* _TASK REQUIREMENTS_: Wherever "objects" shows up in the records below, copy the whole line.

* _DATA EXTRACT_:
*** Block opens ***
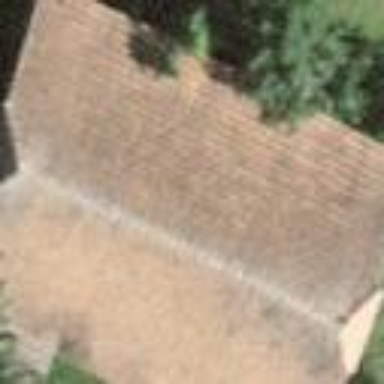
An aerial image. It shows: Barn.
*** Block closes ***
*** Block opens ***
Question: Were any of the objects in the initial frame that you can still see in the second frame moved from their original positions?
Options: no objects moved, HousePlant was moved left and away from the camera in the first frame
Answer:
*** Block closes ***
*** Block opens ***
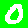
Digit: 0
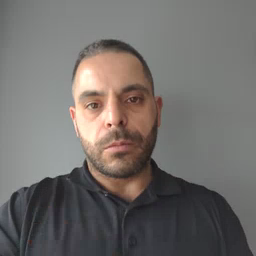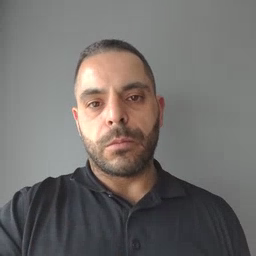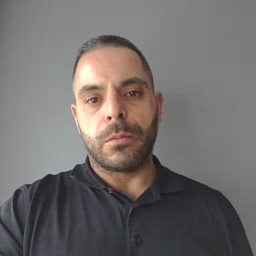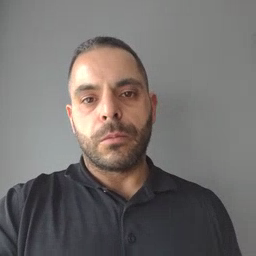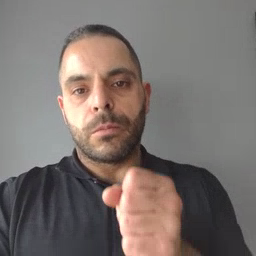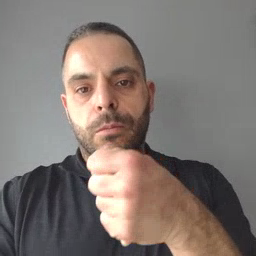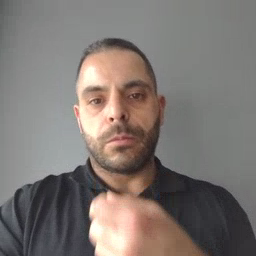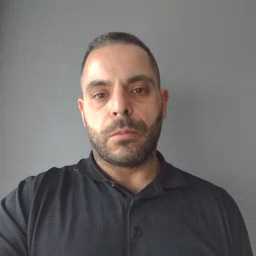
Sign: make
*** Block closes ***
* _RESULT OF THIS EXERCISE_:
Question: Were any of the objects in the initial frame that you can still see in the second frame moved from their original positions?
Options: no objects moved, HousePlant was moved left and away from the camera in the first frame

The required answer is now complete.